В ночь накануне праздника на улицы райцентра выпал снег глубокий и пушистый. А еще по случаю подготовки к празднику приказом начальника милиции в райцентре были введены повышенная готовность личного состава и усиленные наряды: мало ли что! Вон в соседнем Ялуторовске перед Первым мая какой-то Шепеленок расклеивал рукописные воззвания от имени фашистской партии города. Стоило огромного труда его вычислить и отловить, зато теперь он отдыхает в психолечебнице неподалеку от Умрихино. Там всех с такими вывихами собирают: и диссидентов, и демократов, и анархистов. Говорят, есть даже самозванный сын Троцкого, не при свидетелях он будь помянут. Так вот, по случаю предстоящей смены караулов, дежурный по райотделу предварительно позвонил на пост № 1 в райкоме: все ли там в порядке и на месте ли большой портрет генсека? Постовой от звонка моментально проснулся, доложил в трубку, что все в порядке, будет исполнено и так точно. После чего, положив трубку на аппарат, решил для верности убедиться, все ли так, как доложено, и не похитил ли злоумышленник портрета генерального секретаря. Тревога закралась в сознание еще до выхода на крыльцо: дверь, им лично закрытая, на засов, оказалась отпертой. Выйдя на крыльцо, сержант возвел очи к этажам райкома и убедился, что все флаги полощутся и портрет на месте. Но когда он опустил их к грешной и слегка прикрытой снежком земле, то оторопел: в утренних сумерках между густыми елями у стен райкома непозволительно голая и костлявая спина мелькнула и скрылась за углом. Сначала сержант решил, что ему мерещится, но фантастическая ширина черных сатиновых трусов местного промкомбината на фигуре заставляла поверить в реальность увиденного.

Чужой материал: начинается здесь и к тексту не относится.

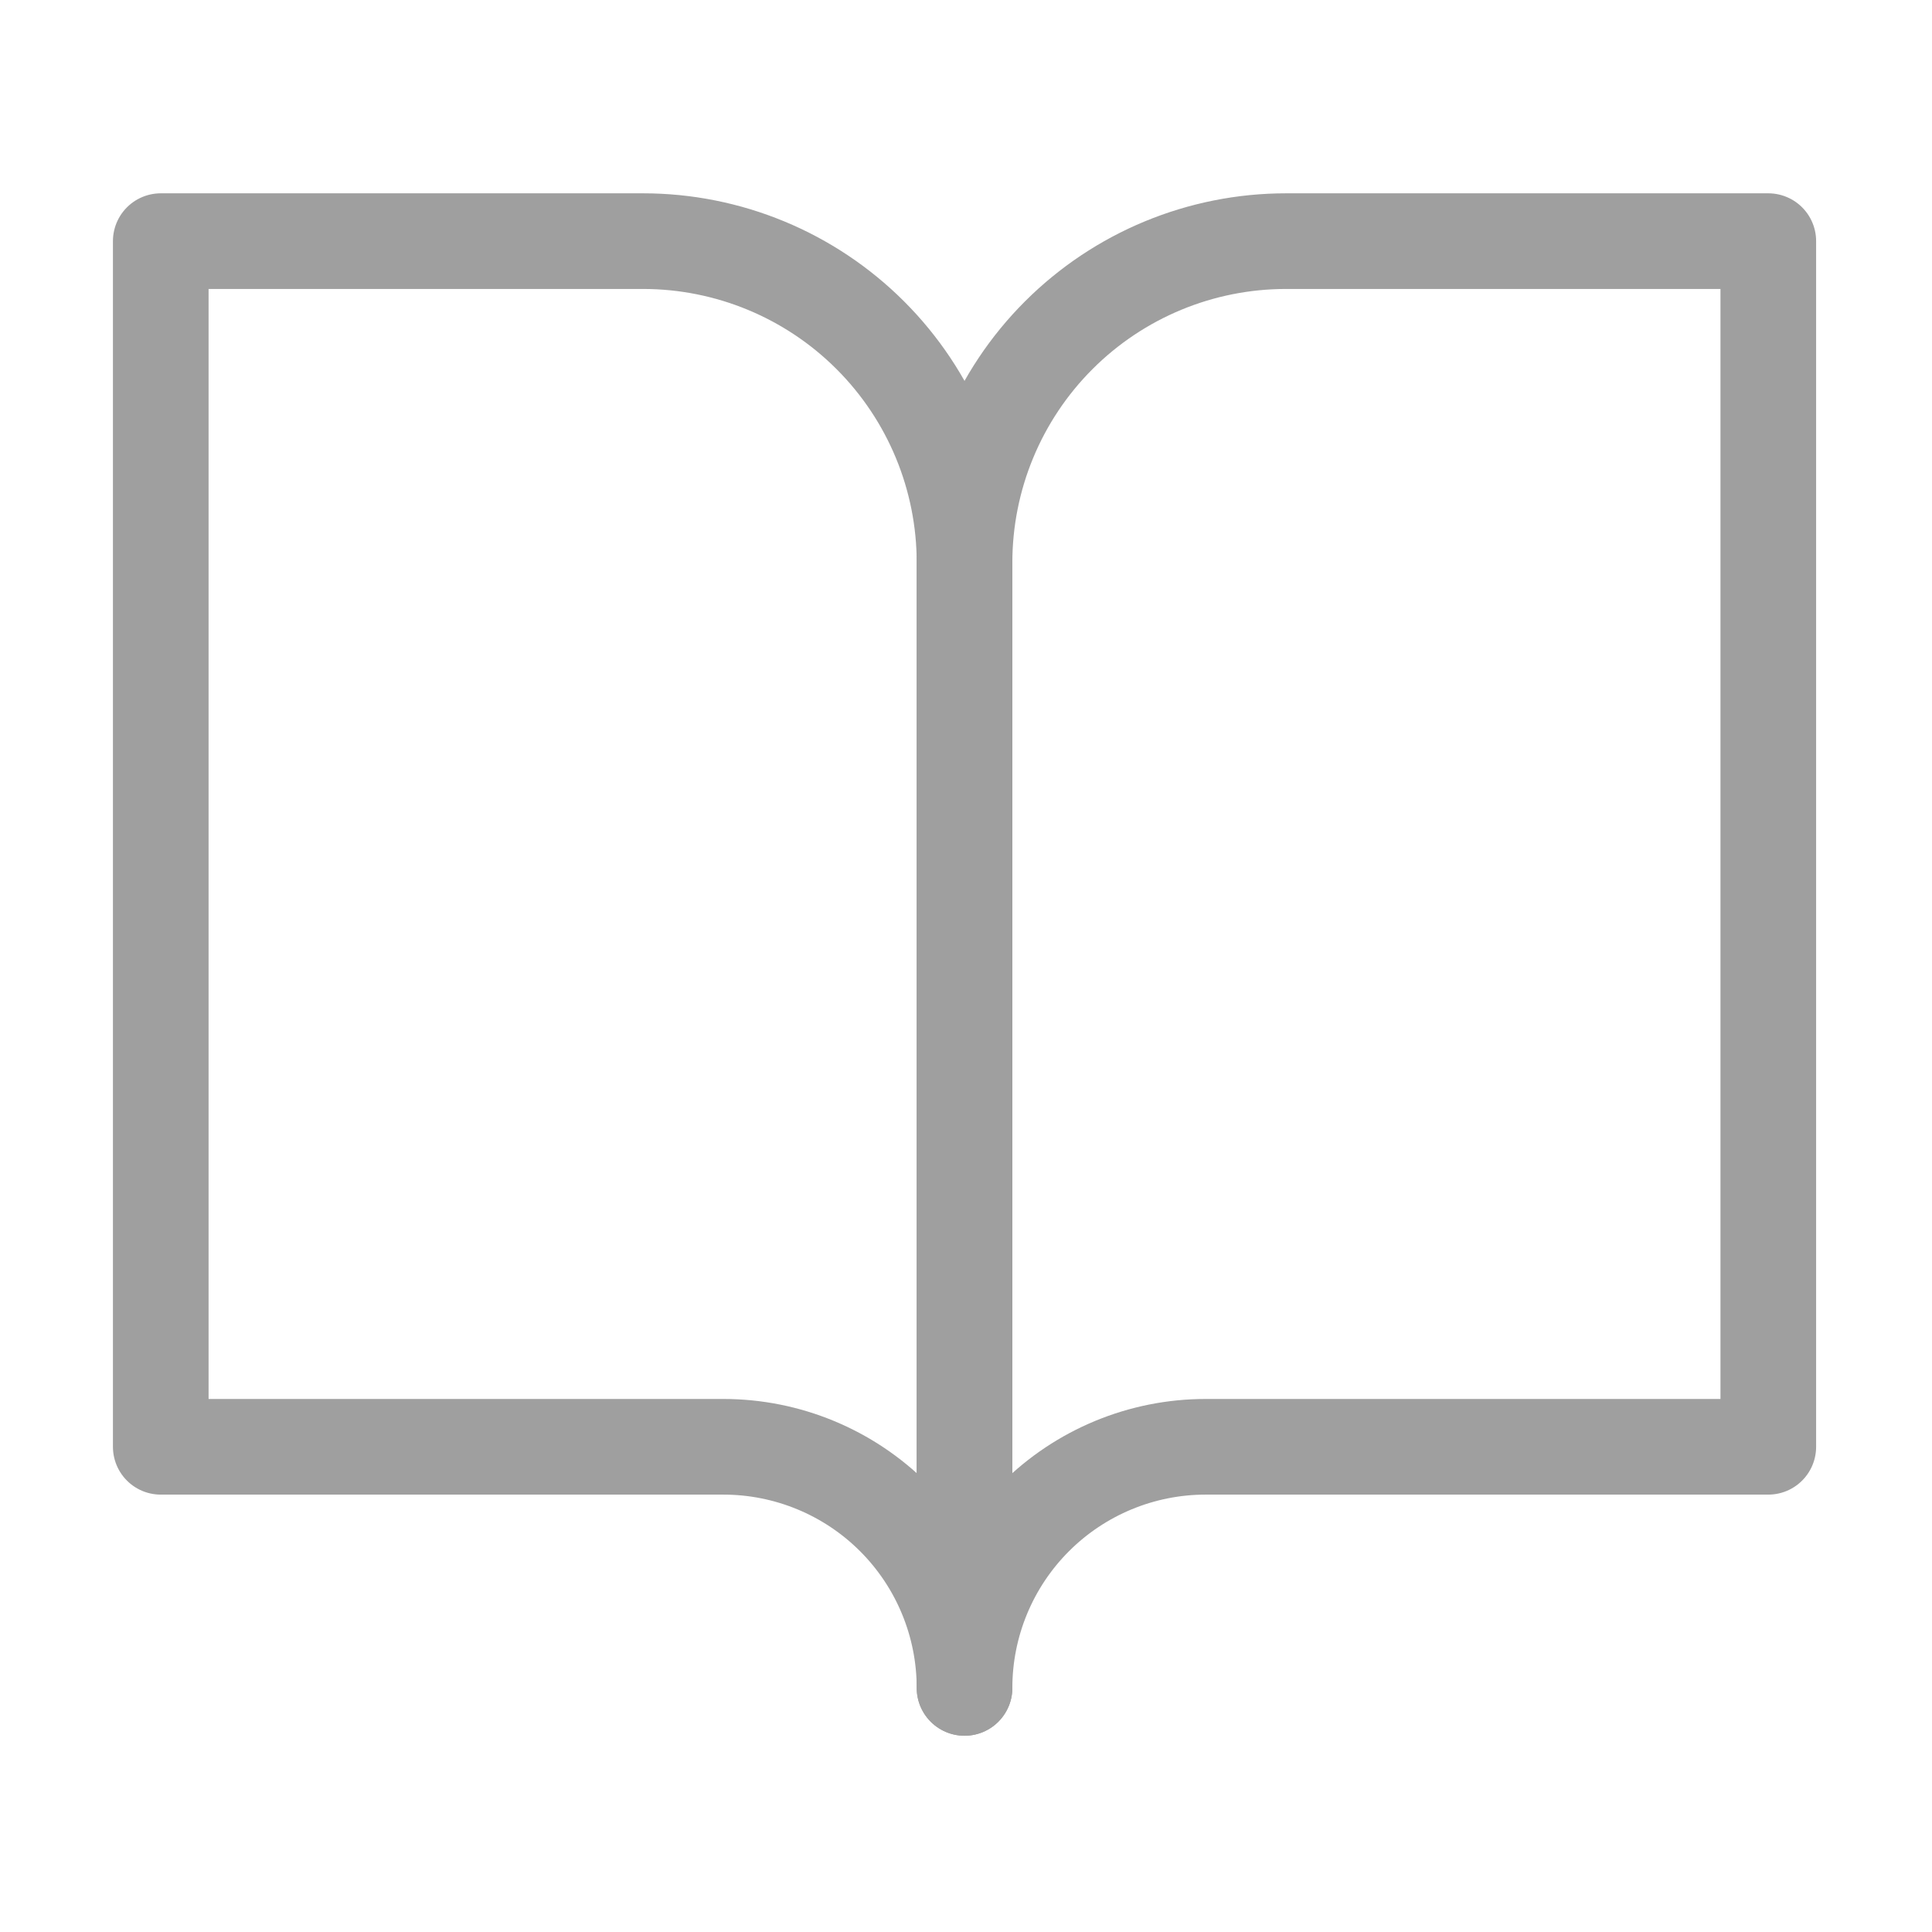 <svg xmlns="http://www.w3.org/2000/svg" fill="none" viewBox="0 0 202 202" height="202" width="202">
<path stroke-linejoin="round" stroke-linecap="round" stroke-width="10" stroke="#9F9F9F" d="M16.808 25.212H67.231C76.146 25.212 84.696 28.753 91 35.057C97.304 41.361 100.846 49.911 100.846 58.827V176.48C100.846 169.794 98.19 163.381 93.462 158.653C88.734 153.925 82.321 151.269 75.634 151.269H16.808V25.212Z"></path>
<path stroke-linejoin="round" stroke-linecap="round" stroke-width="10" stroke="#9F9F9F" d="M184.884 25.212H134.461C125.546 25.212 116.995 28.753 110.691 35.057C104.387 41.361 100.846 49.911 100.846 58.827V176.48C100.846 169.794 103.502 163.381 108.23 158.653C112.958 153.925 119.371 151.269 126.057 151.269H184.884V25.212Z"></path>
</svg>

Он потер глаза, проверяя, не остатки ли это сна, а когда отнял ладони от глаз, увидел, что голая фигура мелькнула меж елок повторно, отпечатывая на снегу вполне отчетливые следы босых ног. Ближайшее рассмотрение следов показало, что босоногих меж елками бегало не меньше десятка. «Хоть одного, да возьму!» — решил постовой, решительно снял шинель, широко распахнул ее и встал наизготовку за углом райкома. А ничего не подозревающий йог-ревизор, не торопясь, обежал очередной круг чтобы попасть прямо в тесные милицейские объятия.

«Попался, который кусался!» — обрадовался сержант, сбив старика подсечкой хромового сапога и заворачивая в шинель. Растерявшийся йог только беспомощно бился в колючем сукне, выплевывал снег и пытался кричать, что он красный партизан и неприкосновенное лицо, и даже пробовал укусить руку службиста вставными челюстями. Однако на особо важные посты ни хлипких, ни умных не ставят никогда. А потому сержант без долгих раздумий приволок увязанного в шинель на пост, укушенной рукой набрал номер дежурной части и доложил, что возле райкома в зарослях елок обнаружены голые партизаны, что один уже задержан, кричит и пугает Колчаком. А по следам на снегу видно, что всего их не меньше десятка.

Немедленно весь наличный состав райотдела во главе со служебнорозыскной собакой Карацупой был срочно мобилизован, погружен в «газик» и направлен на нейтрализацию формирования злодеев, обосновавшихся в райкомовских елках. А тем временем дежурный по райотделу Ермаков, заикаясь от волнения, рапортовал своему непосредственному начальнику: «По сообщению сержанта Груздева, в елках возле райкома обнаружены партизаны. Один задержан сержантом. На операцию по поиску остальных выслан усиленный наряд и готовится подкрепление…» Начальник милиции слушал дежурного и морщился: болела голова со вчерашнего — перебрал. Информация о партизанах никак не укладывалась в извилинах. Язык не поспевал за мыслями и потому он спросил первое и самое простое, что пришло в голову: «Ермаков, ты сегодня что пил?»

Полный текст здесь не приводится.